Published 1977, Putnam Publishing Group



(Originally reviewed in The Roundtable Forum, issue #2009-45)


First off, it’s necessary to point out that this is not Gordon Prange’s renowned Miracle at Midway that was published in 1982 and which became the number one best seller of all BOM books.  Somehow, Prange was either unaware of that title on an earlier work, or he deliberately purloined it because he thought nothing else would do for the Midway masterpiece that he had in mind.  In either case, Mercer’s book was first with a title that would become an iconic symbolism of the battle.


The book runs 160 pages and includes a collection of familiar photos.  Mercer is said to have been an intelligence officer during WW2, who became a prolific writer and publishing house editor in his postwar career.  His brief biography on the book’s jacket doesn’t say if he was in Army or Navy intel; my guess would be Army since he gets shipboard terminology wrong in a few places.


The book is a very easy read, which explains why some booksellers list it among juvenile literature.  As for its historical quality, there isn’t much a 160-page book on the BOM written over 30 years ago is going to reveal to us today, but it does have a few attractions.  The first half of the book is a good synopsis of Pearl Harbor and Coral Sea plus the runup to the war; topics not always covered very well in other BOM works.  Then, it seems that Mercer’s research made him privy to a few interesting tidbits of insight that I haven’t seen before.  He mentions VMF-221 pilots on Midway calling their old F4F-3s “Wilbur Wrights” instead of Wildcats, and he talks about the Enterprise pilots’ habit of never shaving before going into battle, saving that as a ritual carried out only after victory.  The meticulously groomed Spruance reportedly joined his pilots in that tradition on the morning of June 4th.

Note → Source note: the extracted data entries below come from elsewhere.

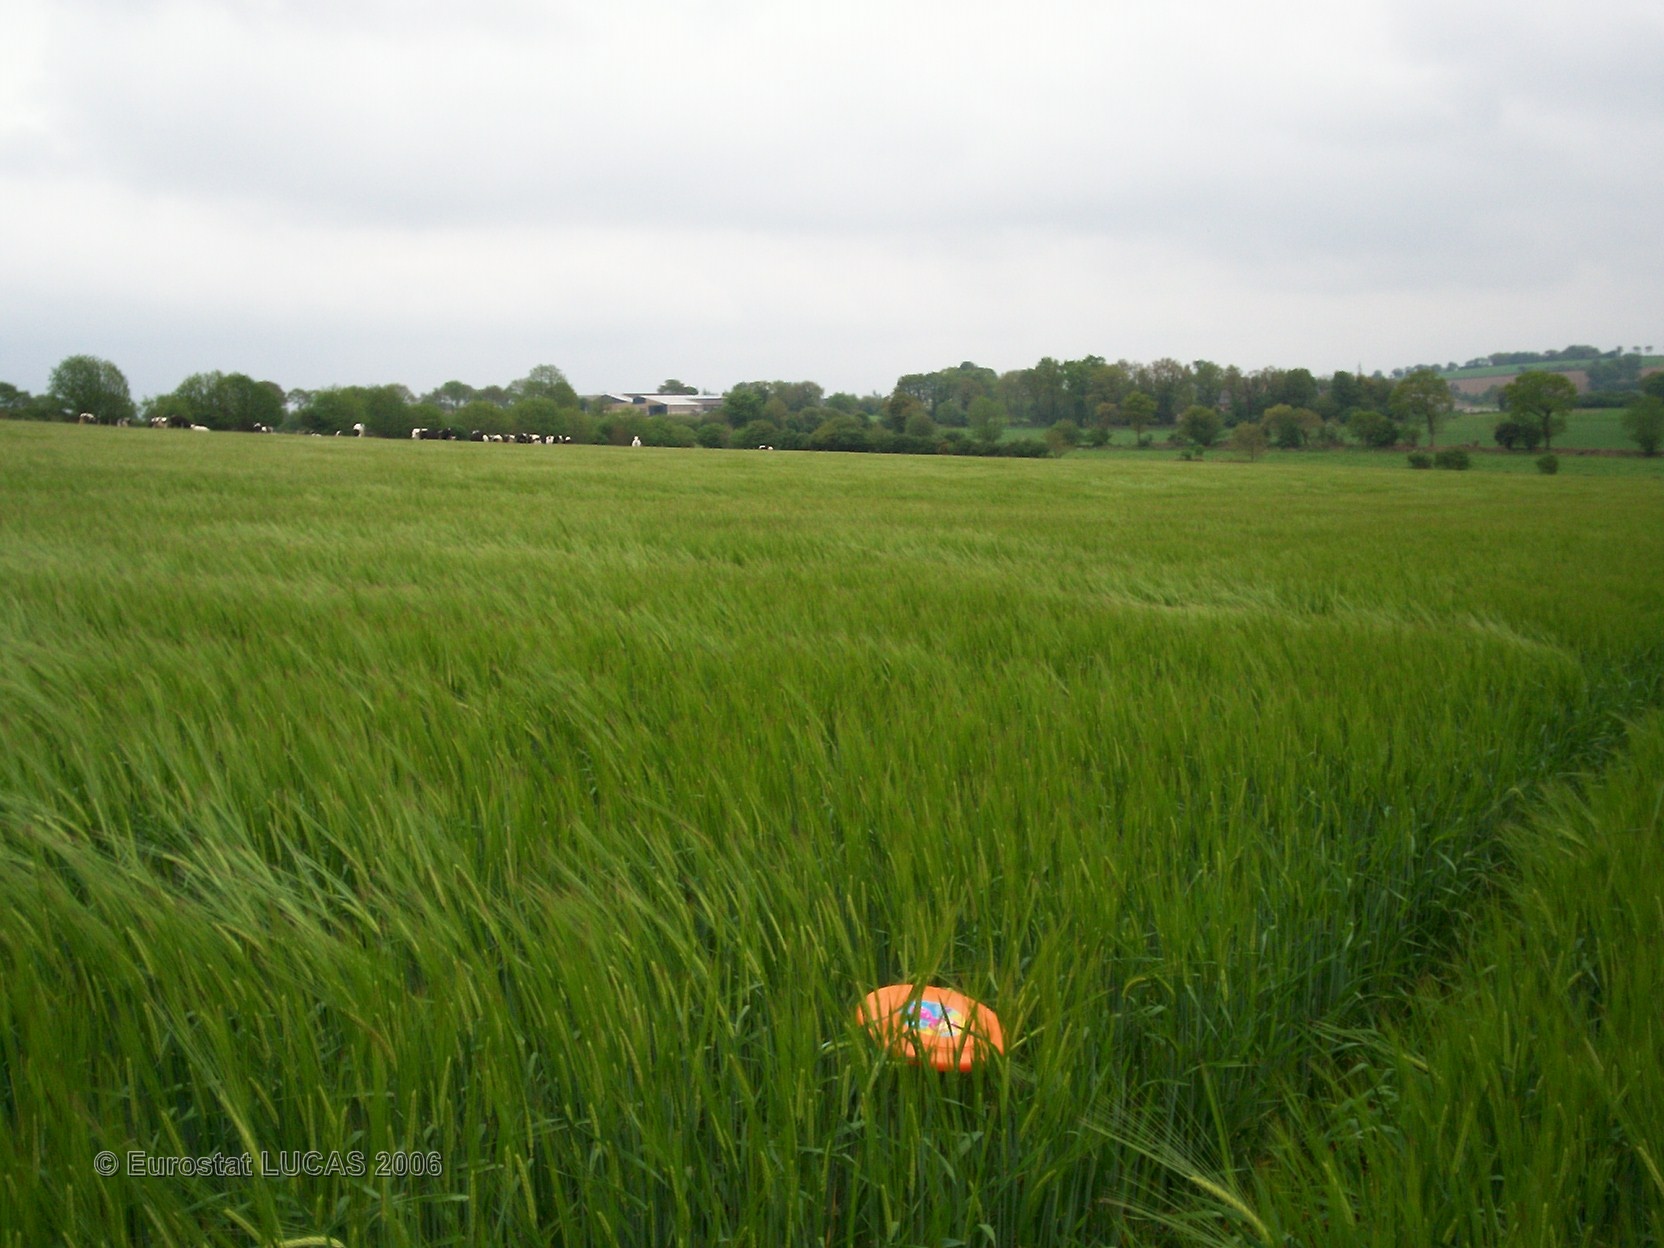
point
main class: Cropland
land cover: Barley
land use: Agriculture (excluding fallow land and kitchen gardens)
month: May
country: FR
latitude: 48.2575
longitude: -3.6994

Mercer also comes up with an insightful analysis of the precarious position Fletcher and Spruance found themselves when preparing their task forces for battle.  He says that, mindful of the need to preserve their carriers more than Midway itself, the two admirals faced a three-horned dilemma.  They’d be publicly castigated if the atoll fell at the expense of saving their ships.  On the other hand, if Midway is saved but the carriers are lost, they’d have violated CINCPAC’s principle that the carriers were more important.  And worse, if the enemy took Midway and sunk our carriers in the process, their names would go down in infamy as the commanders who lost everything in the most vital battle of the Pacific war.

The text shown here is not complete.